> [AIM OF THE TASK]:
Exact reproduction, images excluded: write out the records below.
---------- DATASET RECORDS
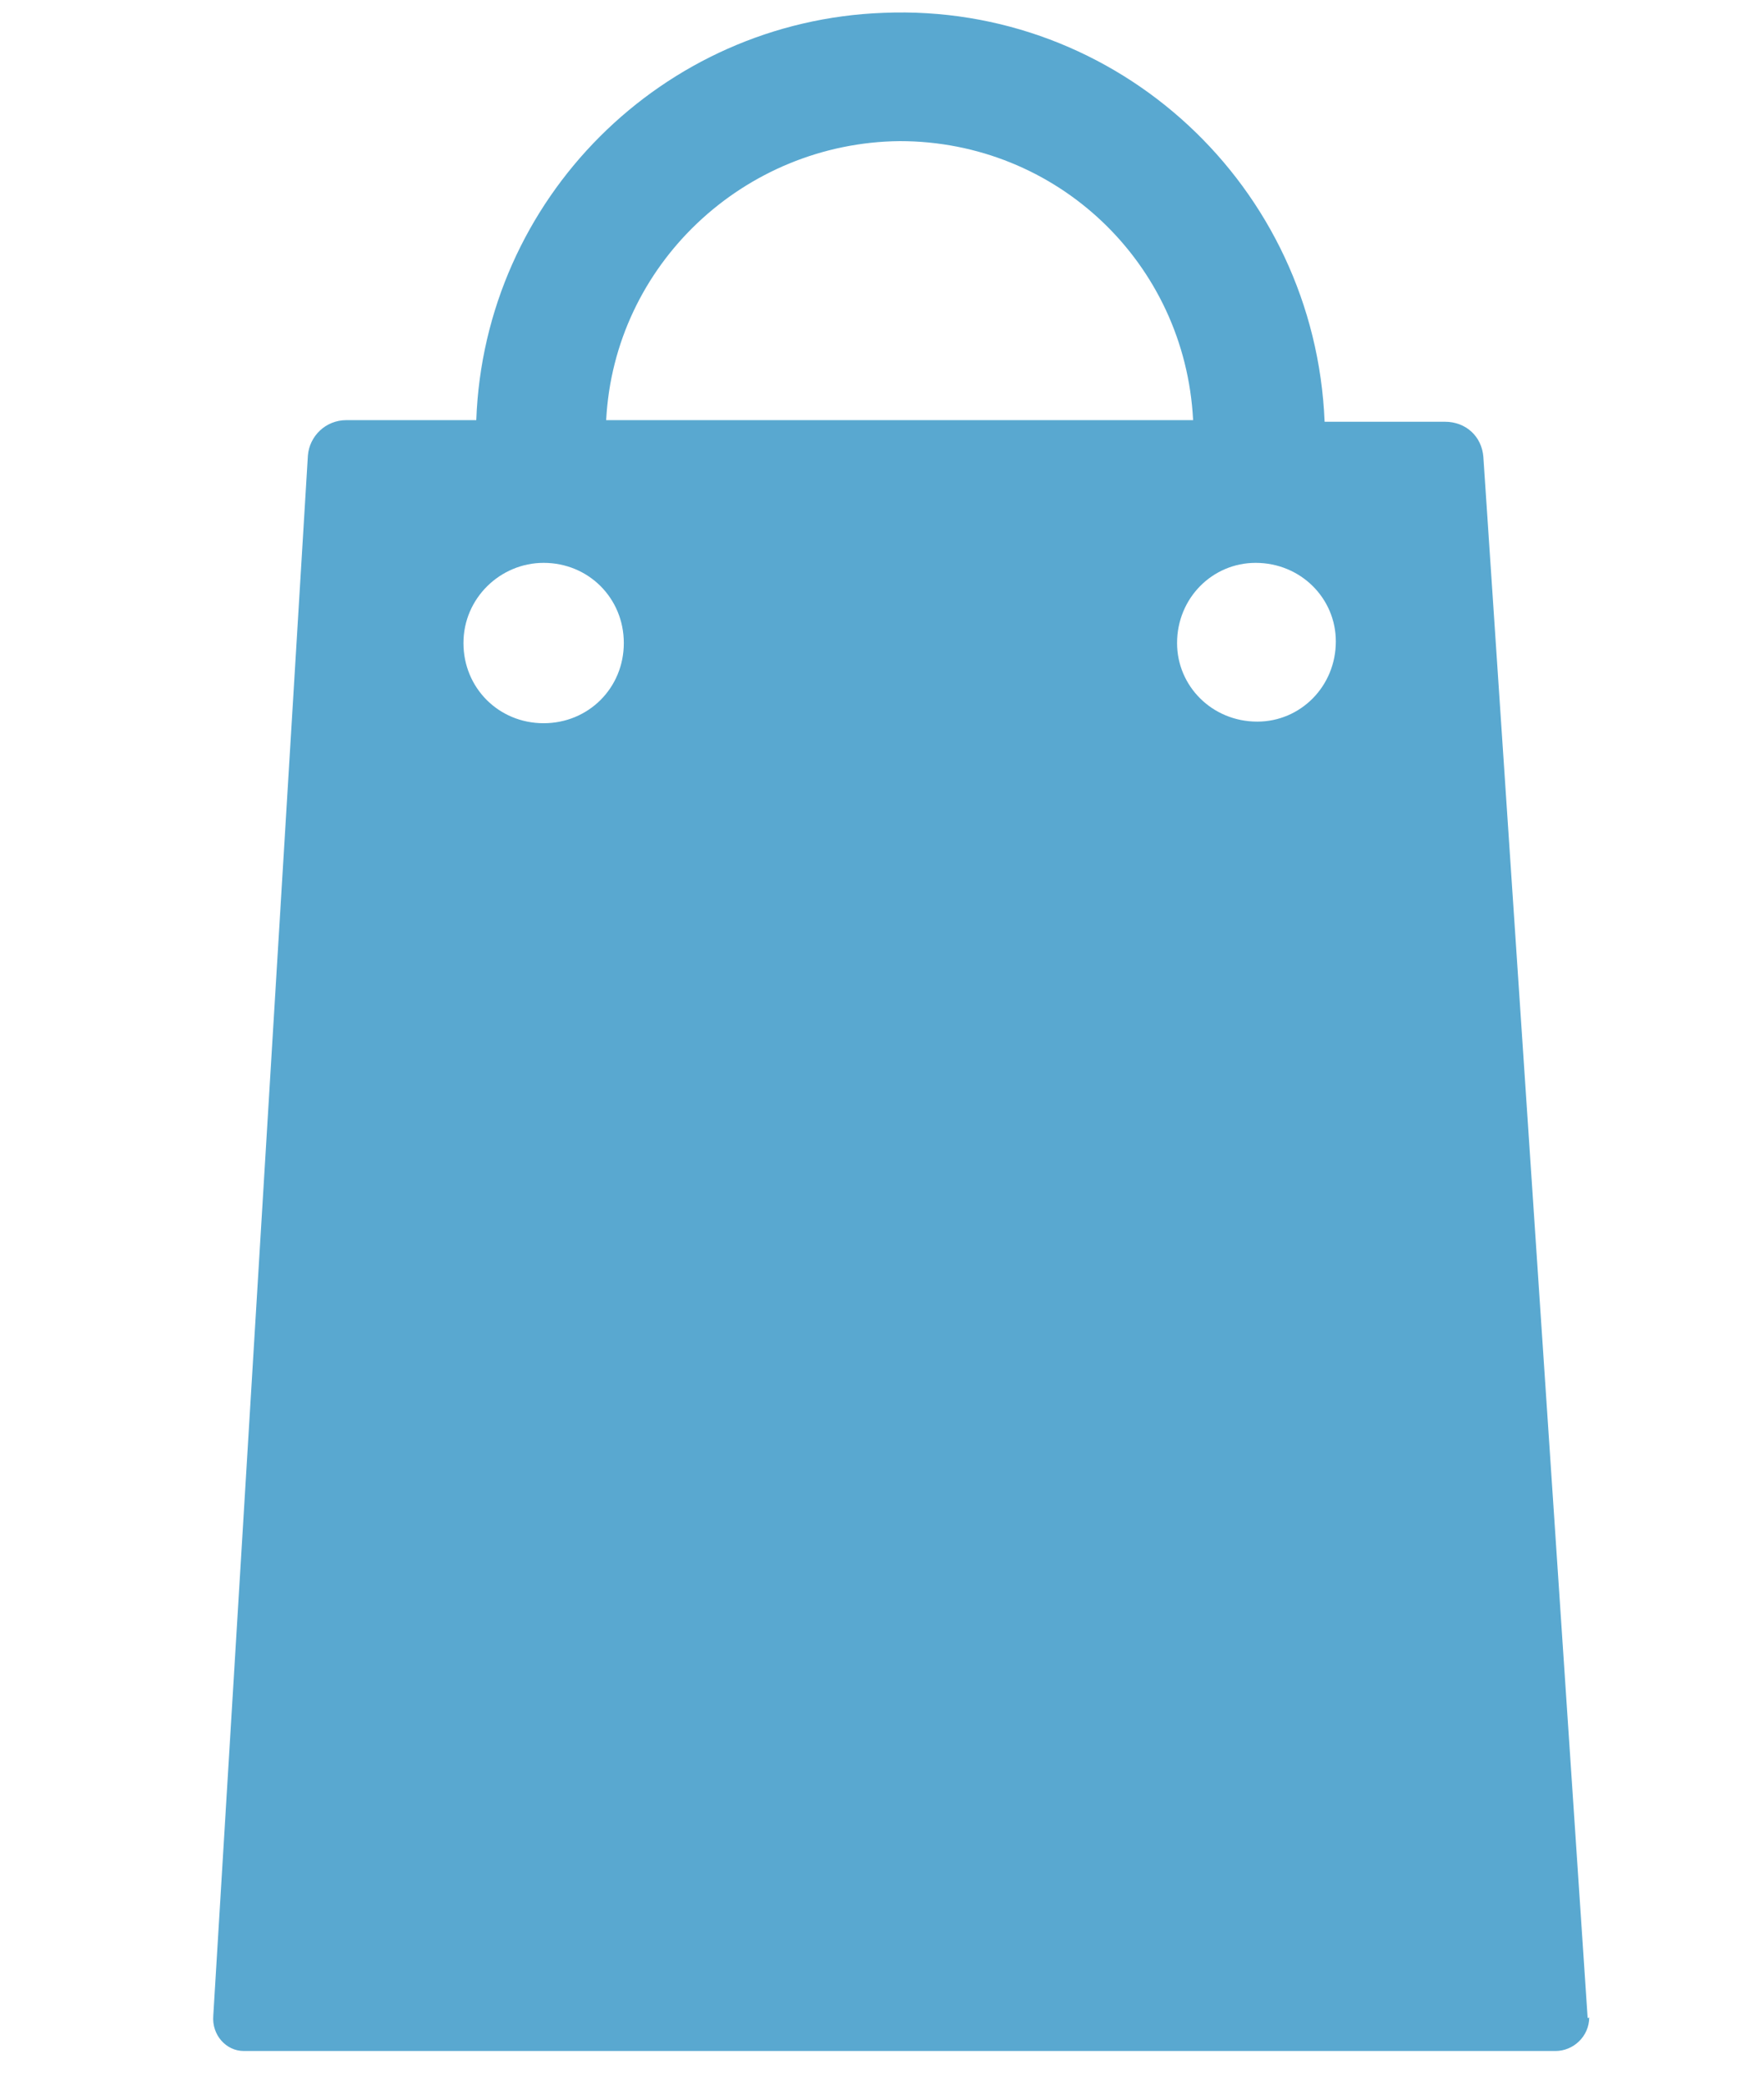 <?xml version="1.0" encoding="utf-8"?>
<!-- Generator: Adobe Illustrator 26.0.2, SVG Export Plug-In . SVG Version: 6.00 Build 0)  -->
<svg version="1.1" id="レイヤー_1" xmlns="http://www.w3.org/2000/svg" xmlns:xlink="http://www.w3.org/1999/xlink" x="0px"
	 y="0px" viewBox="0 0 110 130" style="enable-background:new 0 0 110 130;" xml:space="preserve">
<style type="text/css">
	.st0{fill:#59A8D0;}
</style>
<path class="st0" d="M99,125.8l-6.5-97.3c-0.1-1.3-1.1-2.2-2.4-2.2h-7.5C82,11.6,69.7,0.2,55.1,0.8C41.3,1.3,30.2,12.4,29.7,26.2
	h-8.1c-1.3,0-2.3,1-2.4,2.2l-5.9,97.3c-0.1,1.2,0.8,2.2,1.9,2.2c0.1,0,0.1,0,0.2,0h81.6c1.1,0,2.1-0.9,2.1-2.1
	C99,125.9,99,125.8,99,125.8z M56.1,8.8c9.8,0,17.8,7.6,18.3,17.4H37.8C38.3,16.5,46.4,8.9,56.1,8.8z M33.9,35.1c2.8,0,5,2.2,5,5
	s-2.2,5-5,5s-5-2.2-5-5S31.2,35.1,33.9,35.1z M73.4,40.1c0-2.8,2.2-5,4.9-5c2.8,0,5,2.2,5,4.9c0,2.8-2.2,5-4.9,5c0,0,0,0,0,0
	C75.6,45,73.4,42.8,73.4,40.1C73.4,40,73.4,40,73.4,40.1L73.4,40.1z"/>
</svg>
--------------------
> [EXPECTED ANSWER]:
 <?xml version="1.0" encoding="utf-8"?>
<!-- Generator: Adobe Illustrator 26.0.2, SVG Export Plug-In . SVG Version: 6.00 Build 0)  -->
<svg version="1.1" id="レイヤー_1" xmlns="http://www.w3.org/2000/svg" xmlns:xlink="http://www.w3.org/1999/xlink" x="0px"
	 y="0px" viewBox="0 0 110 130" style="enable-background:new 0 0 110 130;" xml:space="preserve">
<style type="text/css">
	.st0{fill:#59A8D0;}
</style>
<path class="st0" d="M99,125.8l-6.5-97.3c-0.1-1.3-1.1-2.2-2.4-2.2h-7.5C82,11.6,69.7,0.2,55.1,0.8C41.3,1.3,30.2,12.4,29.7,26.2
	h-8.1c-1.3,0-2.3,1-2.4,2.2l-5.9,97.3c-0.1,1.2,0.8,2.2,1.9,2.2c0.1,0,0.1,0,0.2,0h81.6c1.1,0,2.1-0.9,2.1-2.1
	C99,125.9,99,125.8,99,125.8z M56.1,8.8c9.8,0,17.8,7.6,18.3,17.4H37.8C38.3,16.5,46.4,8.9,56.1,8.8z M33.9,35.1c2.8,0,5,2.2,5,5
	s-2.2,5-5,5s-5-2.2-5-5S31.2,35.1,33.9,35.1z M73.4,40.1c0-2.8,2.2-5,4.9-5c2.8,0,5,2.2,5,4.9c0,2.8-2.2,5-4.9,5c0,0,0,0,0,0
	C75.6,45,73.4,42.8,73.4,40.1C73.4,40,73.4,40,73.4,40.1L73.4,40.1z"/>
</svg>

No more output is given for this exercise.